[[ Given records, beginning ]]

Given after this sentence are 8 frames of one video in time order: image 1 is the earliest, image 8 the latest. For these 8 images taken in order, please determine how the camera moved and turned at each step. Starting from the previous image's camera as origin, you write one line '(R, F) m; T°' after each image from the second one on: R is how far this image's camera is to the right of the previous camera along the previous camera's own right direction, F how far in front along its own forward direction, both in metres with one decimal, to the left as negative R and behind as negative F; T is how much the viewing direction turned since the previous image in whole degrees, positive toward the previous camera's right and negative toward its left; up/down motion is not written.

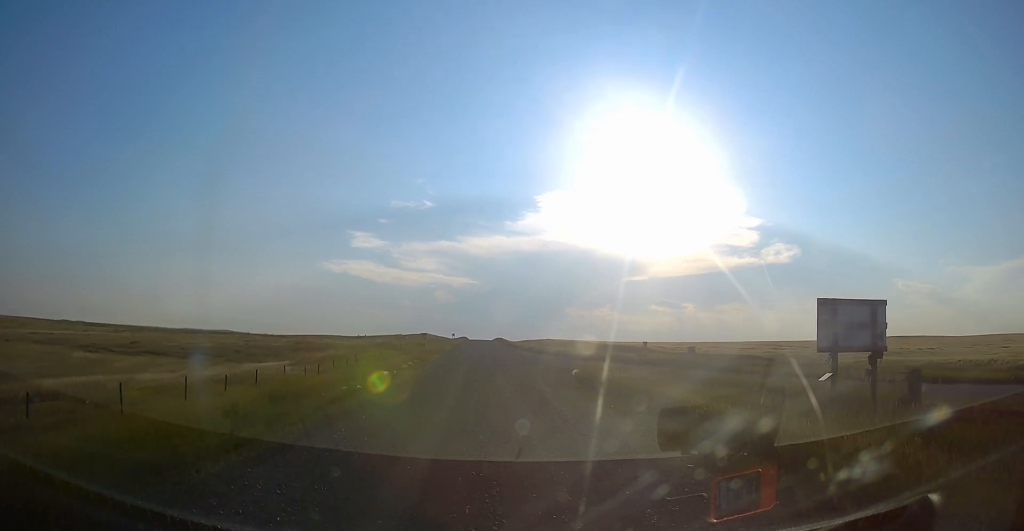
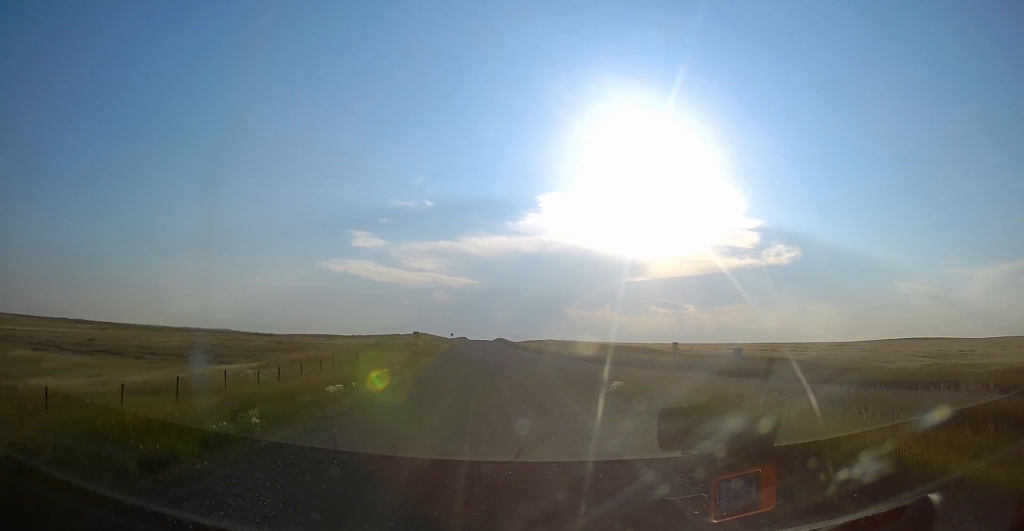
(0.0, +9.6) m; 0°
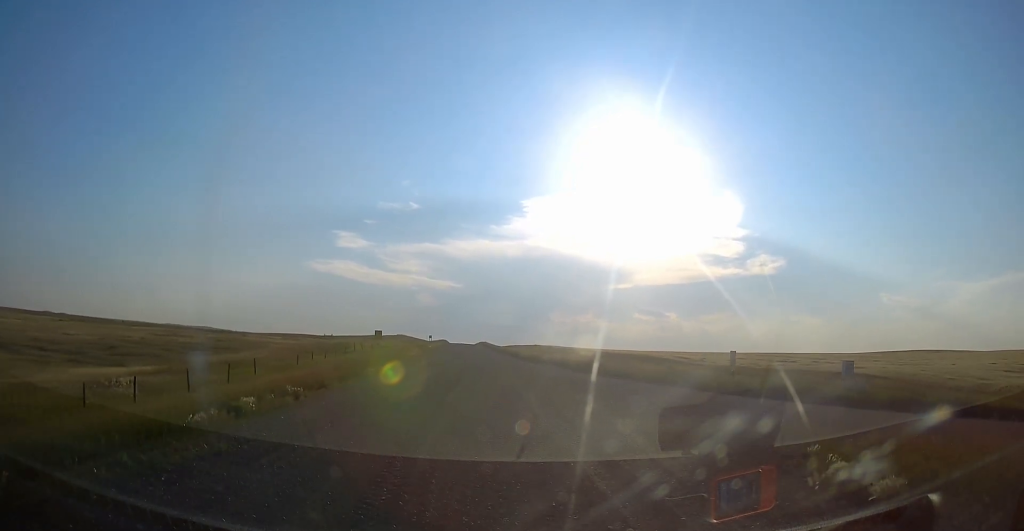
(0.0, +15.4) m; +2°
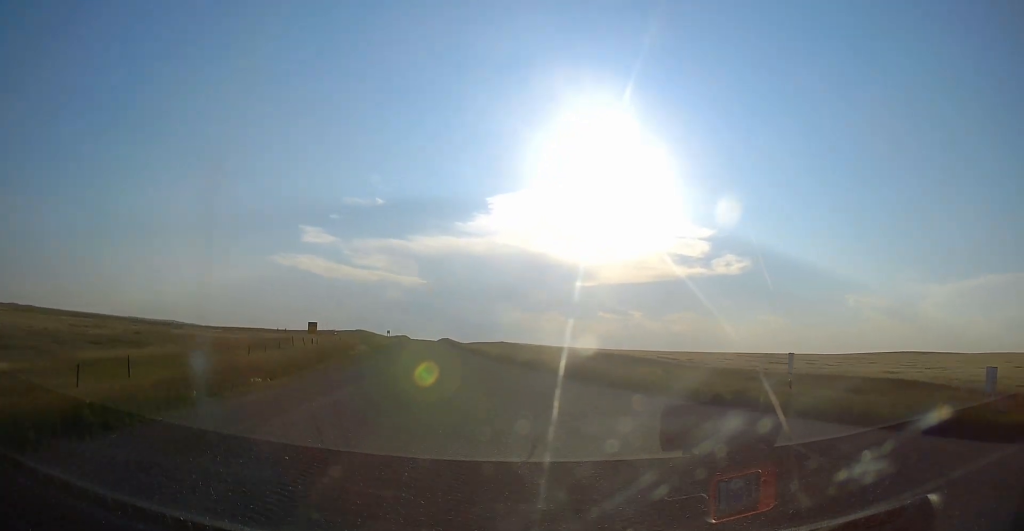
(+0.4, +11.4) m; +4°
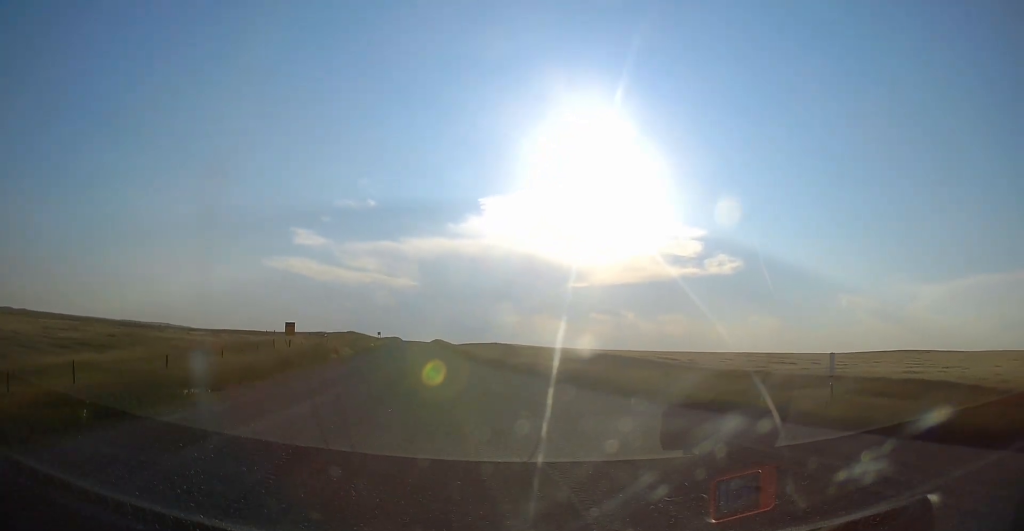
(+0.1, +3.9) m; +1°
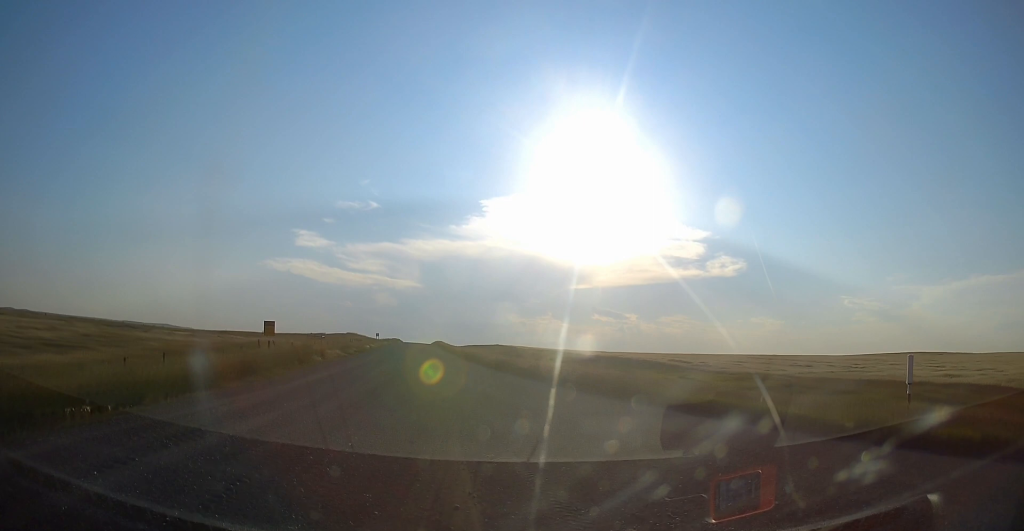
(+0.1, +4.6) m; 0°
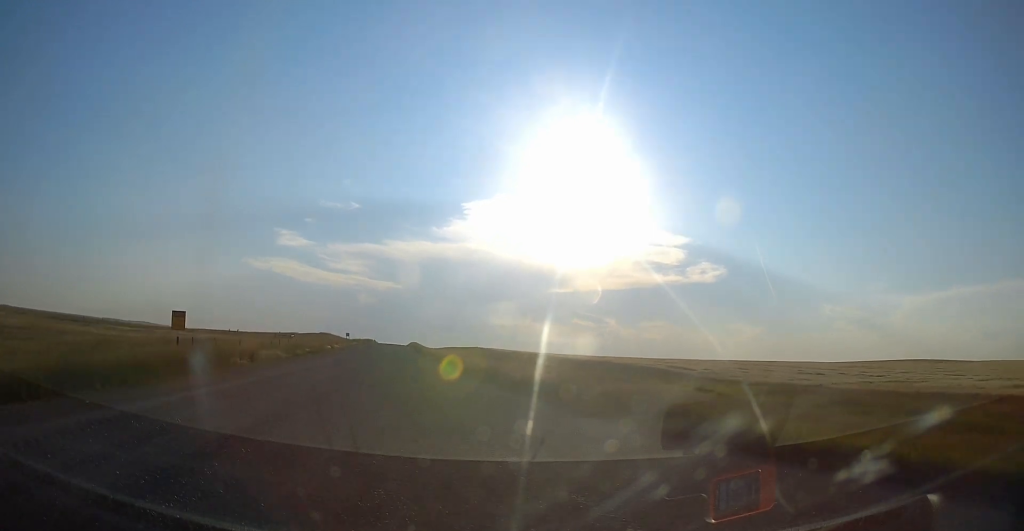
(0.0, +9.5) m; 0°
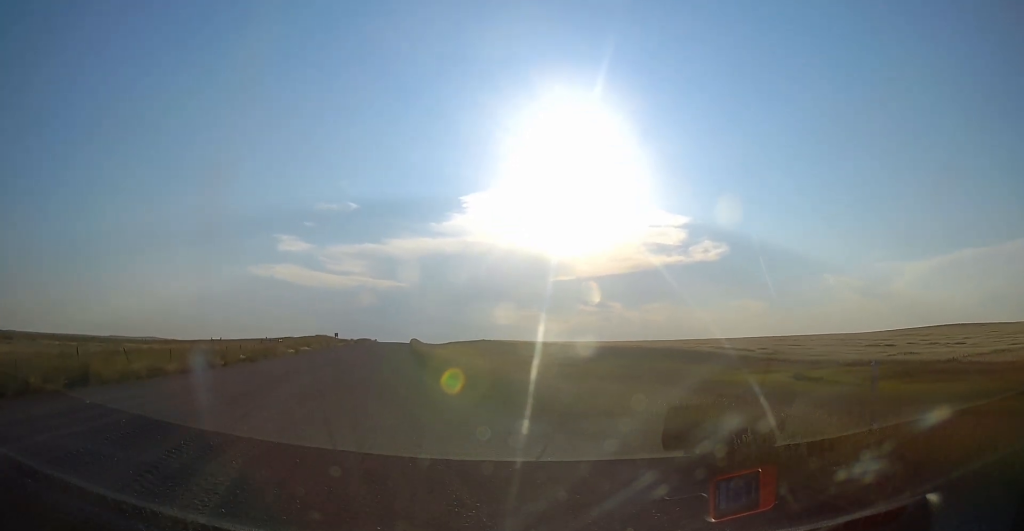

[[ Given records, end ]]

--- How to complete this task ---
Above are the entries; write them out again exactly, omitting the pictures.

--- Exercise result ---
Given after this sentence are 8 frames of one video in time order: image 1 is the earliest, image 8 the latest. For these 8 images taken in order, please determine how the camera moved and turned at each step. Starting from the previous image's camera as origin, you write one line '(R, F) m; T°' after each image from the second one on: R is how far this image's camera is to the right of the previous camera along the previous camera's own right direction, F how far in front along its own forward direction, both in metres with one decimal, to the left as negative R and behind as negative F; T is how much the viewing direction turned since the previous image in whole degrees, positive toward the previous camera's right and negative toward its left; up/down motion is not written.

(0.0, +9.6) m; 0°
(0.0, +15.4) m; +2°
(+0.4, +11.4) m; +4°
(+0.1, +3.9) m; +1°
(+0.1, +4.6) m; 0°
(0.0, +9.5) m; 0°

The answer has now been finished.